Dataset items
- - - - -
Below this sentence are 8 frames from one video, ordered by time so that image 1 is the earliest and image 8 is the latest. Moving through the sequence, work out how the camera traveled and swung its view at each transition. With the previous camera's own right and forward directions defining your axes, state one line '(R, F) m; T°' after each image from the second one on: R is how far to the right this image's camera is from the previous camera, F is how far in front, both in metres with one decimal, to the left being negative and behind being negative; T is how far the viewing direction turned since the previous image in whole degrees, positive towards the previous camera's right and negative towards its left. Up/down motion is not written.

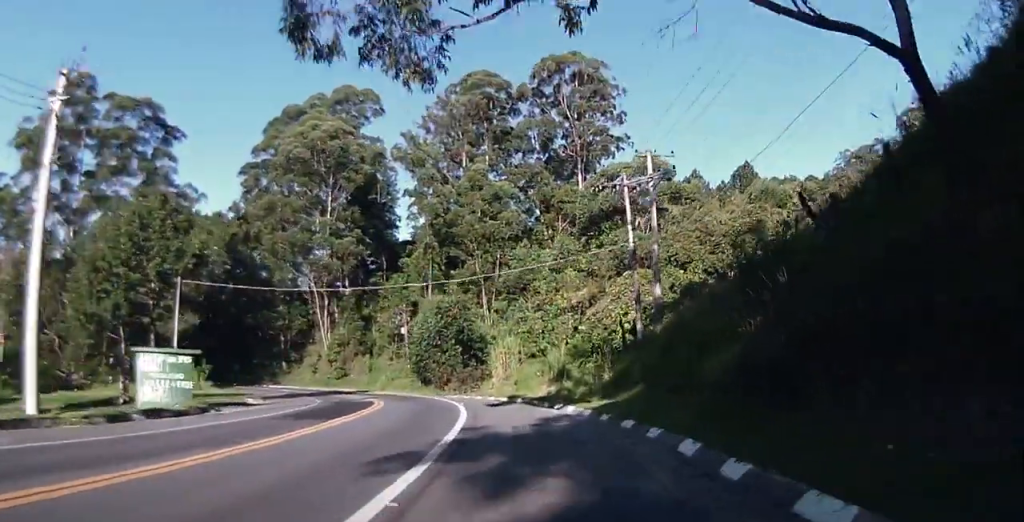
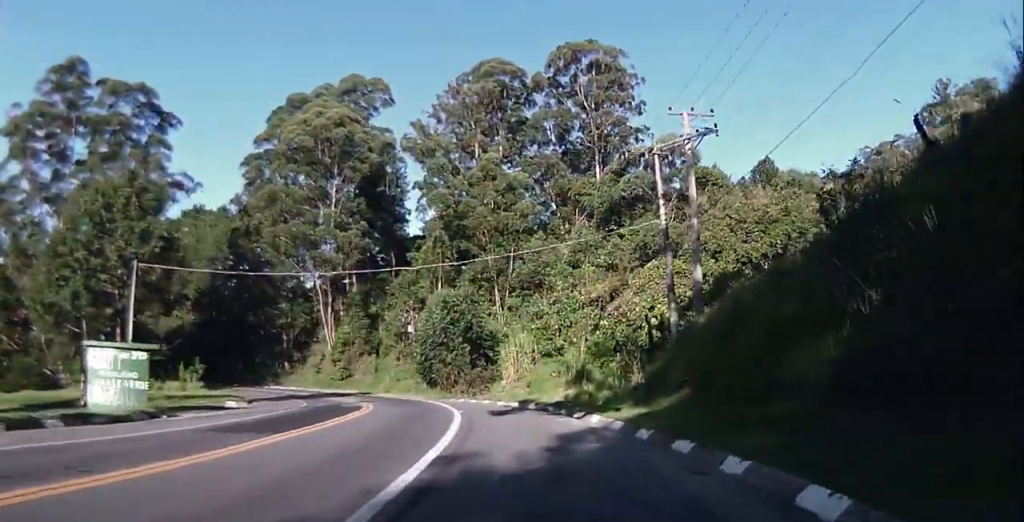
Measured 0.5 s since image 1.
(0.0, +5.2) m; -1°
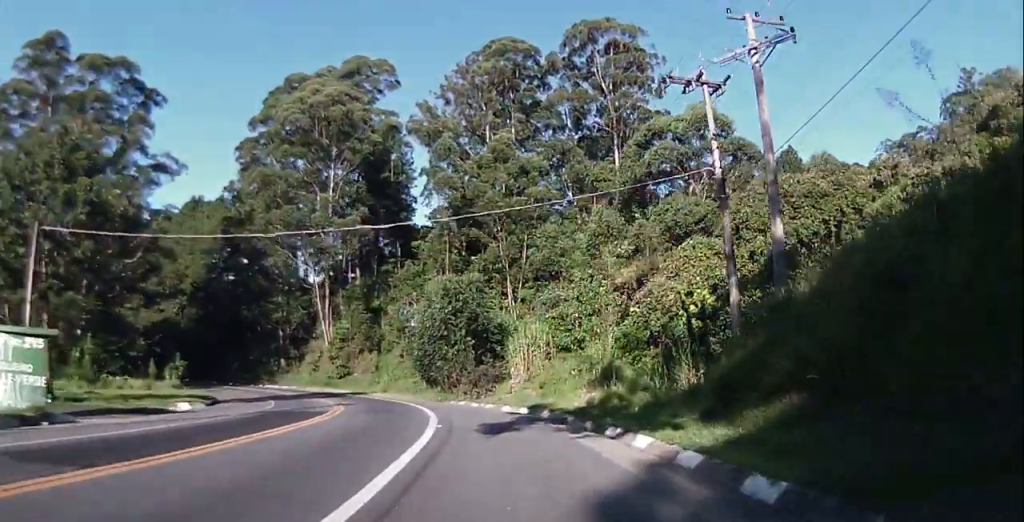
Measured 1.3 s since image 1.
(0.0, +7.5) m; -2°
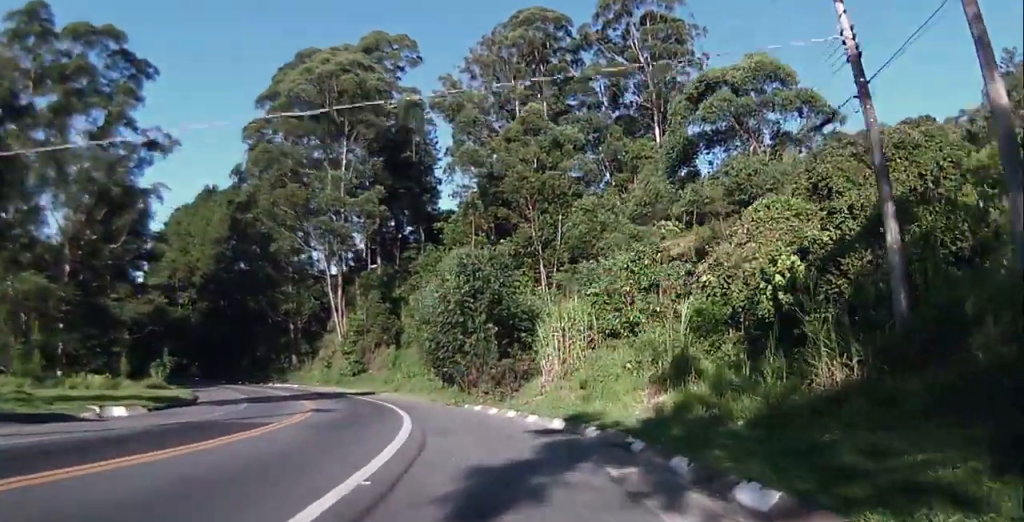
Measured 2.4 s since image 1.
(-0.4, +8.9) m; -3°
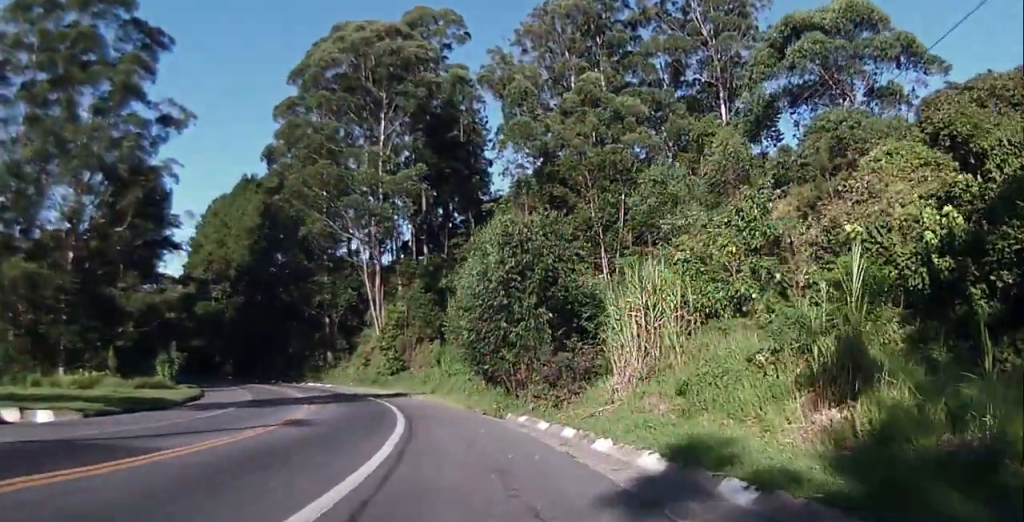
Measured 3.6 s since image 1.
(-0.2, +8.1) m; -7°
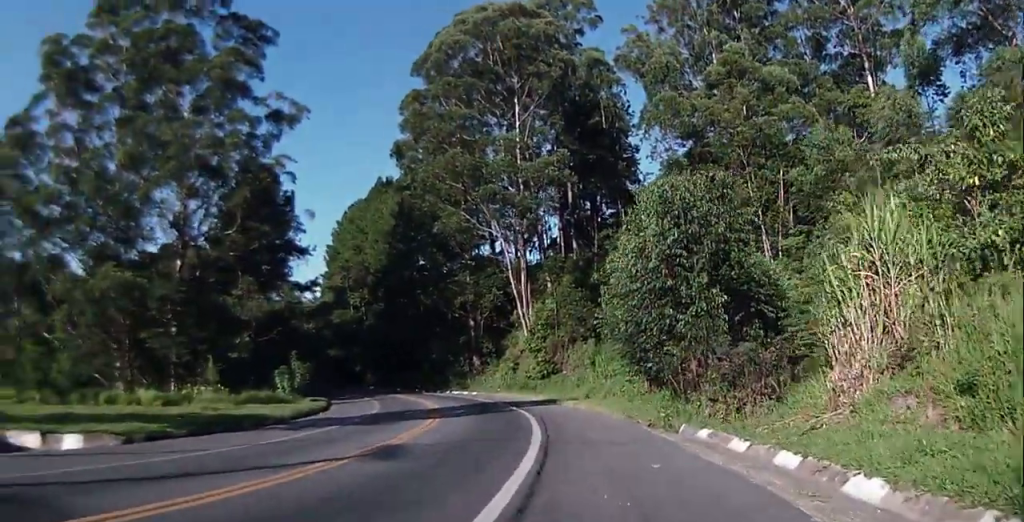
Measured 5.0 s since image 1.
(-0.9, +5.8) m; -22°
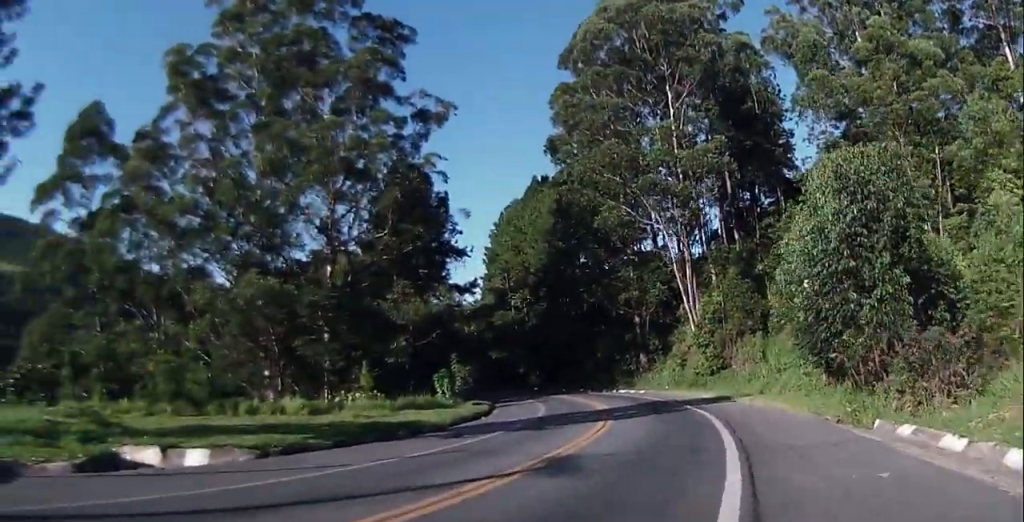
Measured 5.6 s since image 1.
(-0.2, +1.7) m; -19°
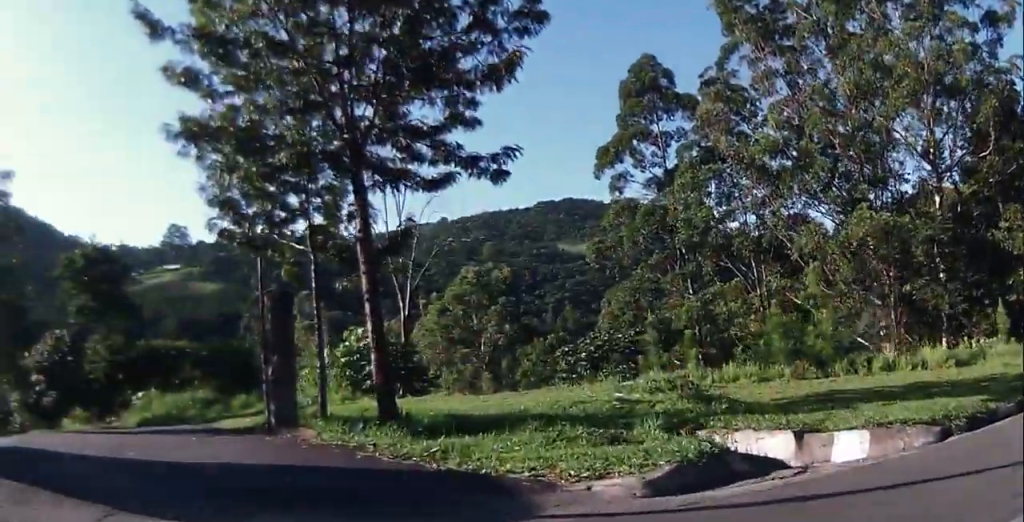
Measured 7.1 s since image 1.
(-1.7, +4.0) m; -48°
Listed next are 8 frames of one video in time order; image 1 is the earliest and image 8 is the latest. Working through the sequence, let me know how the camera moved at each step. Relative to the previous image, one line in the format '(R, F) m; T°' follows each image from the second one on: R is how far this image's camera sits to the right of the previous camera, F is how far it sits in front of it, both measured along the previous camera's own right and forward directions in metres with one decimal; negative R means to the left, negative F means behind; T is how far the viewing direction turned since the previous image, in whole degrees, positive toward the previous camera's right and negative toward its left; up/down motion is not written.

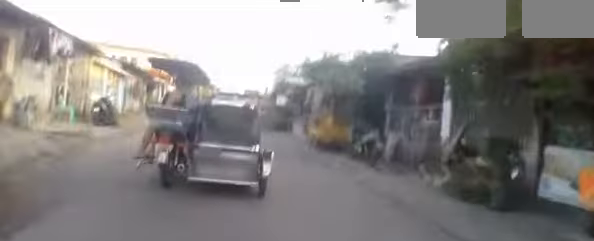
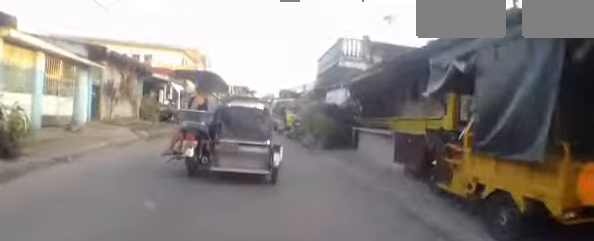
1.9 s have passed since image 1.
(+0.3, +6.2) m; +6°
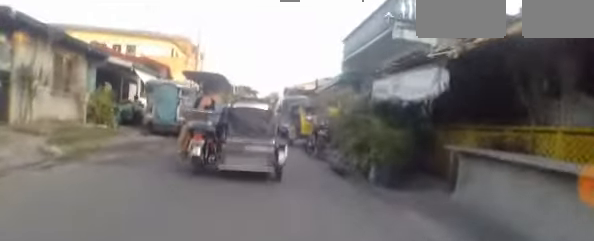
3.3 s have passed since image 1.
(+0.2, +5.1) m; +2°
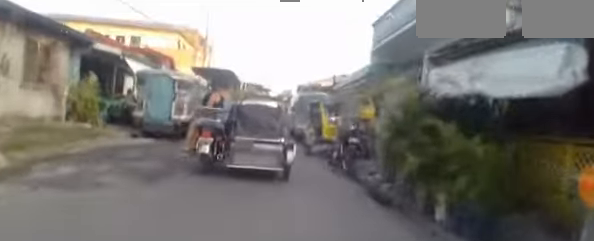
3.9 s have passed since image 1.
(0.0, +2.2) m; -1°
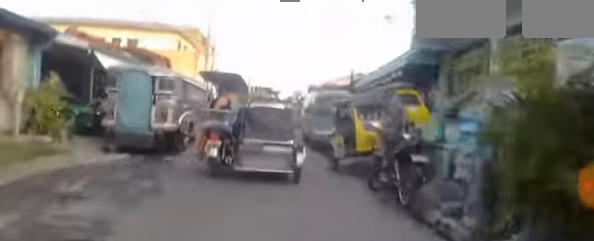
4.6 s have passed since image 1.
(0.0, +2.5) m; -1°
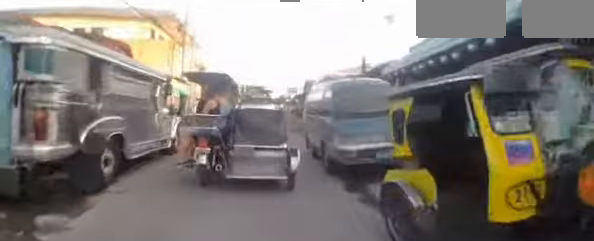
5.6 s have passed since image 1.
(-0.1, +3.7) m; -2°
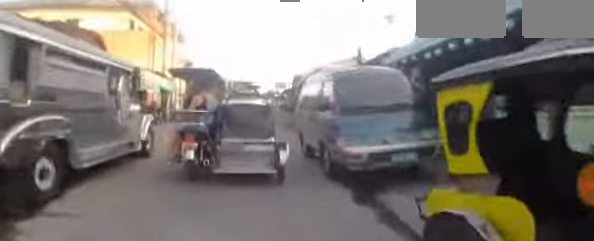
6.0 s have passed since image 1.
(0.0, +1.5) m; -1°
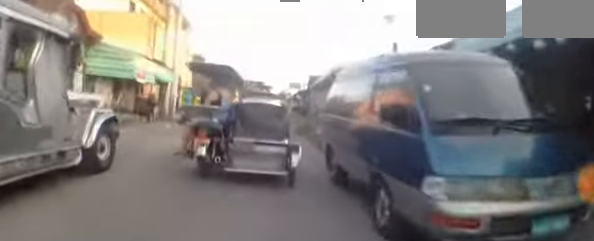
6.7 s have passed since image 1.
(0.0, +2.2) m; -3°
- - - - -
Exercise prompt
Copy the data verbatim, skipping any image it holds.

Task answer
Below this sentence are 8 frames from one video, ordered by time so that image 1 is the earliest and image 8 is the latest. Moving through the sequence, work out how the camera traveled and swung its view at each transition. With the previous camera's own right and forward directions defining your axes, state one line '(R, F) m; T°' after each image from the second one on: R is how far to the right this image's camera is from the previous camera, F is how far in front, both in metres with one decimal, to the left being negative and behind being negative; T is how far the viewing direction turned since the previous image in whole degrees, positive towards the previous camera's right and negative towards its left. Up/down motion is not written.

Measured 0.5 s since image 1.
(0.0, +5.2) m; -1°
Measured 1.3 s since image 1.
(0.0, +7.5) m; -2°
Measured 2.4 s since image 1.
(-0.4, +8.9) m; -3°
Measured 3.6 s since image 1.
(-0.2, +8.1) m; -7°
Measured 5.0 s since image 1.
(-0.9, +5.8) m; -22°
Measured 5.6 s since image 1.
(-0.2, +1.7) m; -19°
Measured 7.1 s since image 1.
(-1.7, +4.0) m; -48°
Listed next are 8 frames of one video in time order; image 1 is the earliest and image 8 is the latest. Working through the sequence, let me know how the camera moved at each step. Relative to the previous image, one line in the format '(R, F) m; T°' follows each image from the second one on: R is how far this image's camera sits to the right of the previous camera, F is how far it sits in front of it, both measured along the previous camera's own right and forward directions in metres with one decimal; negative R means to the left, negative F means behind; T is how far the viewing direction turned since the previous image, in whole degrees, positive toward the previous camera's right and negative toward its left; up/down motion is not written.

1.9 s have passed since image 1.
(+0.3, +6.2) m; +6°
3.3 s have passed since image 1.
(+0.2, +5.1) m; +2°
3.9 s have passed since image 1.
(0.0, +2.2) m; -1°
4.6 s have passed since image 1.
(0.0, +2.5) m; -1°
5.6 s have passed since image 1.
(-0.1, +3.7) m; -2°
6.0 s have passed since image 1.
(0.0, +1.5) m; -1°
6.7 s have passed since image 1.
(0.0, +2.2) m; -3°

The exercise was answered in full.